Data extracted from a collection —
::::::

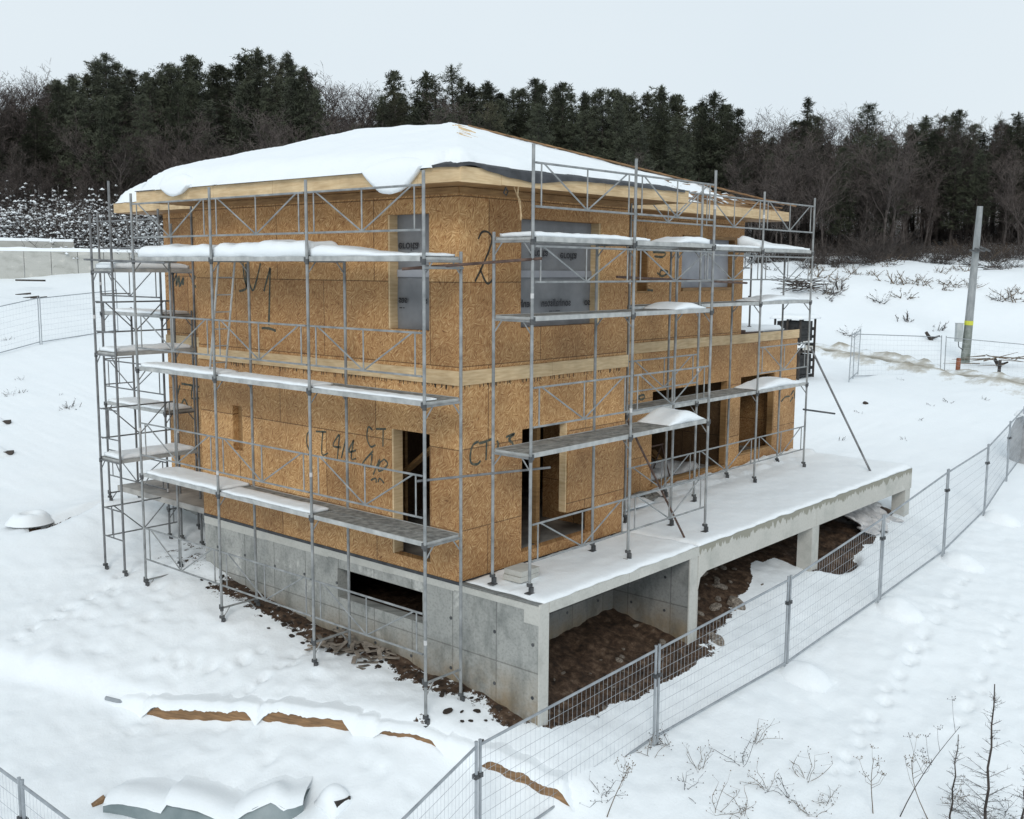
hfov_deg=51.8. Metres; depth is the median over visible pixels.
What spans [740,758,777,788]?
dry weed
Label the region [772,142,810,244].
pine tree
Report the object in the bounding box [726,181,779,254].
bare tree
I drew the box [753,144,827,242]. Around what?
bare tree
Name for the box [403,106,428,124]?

::::::

Task details — Repeat each entry above exactly. Omit the pictures.

Exercise output —
hfov_deg=51.8. Metres; depth is the median over visible pixels.
What spans [740,758,777,788]?
dry weed
Label the region [772,142,810,244].
pine tree
Report the object in the bounding box [726,181,779,254].
bare tree
I drew the box [753,144,827,242]. Around what?
bare tree
Name for the box [403,106,428,124]?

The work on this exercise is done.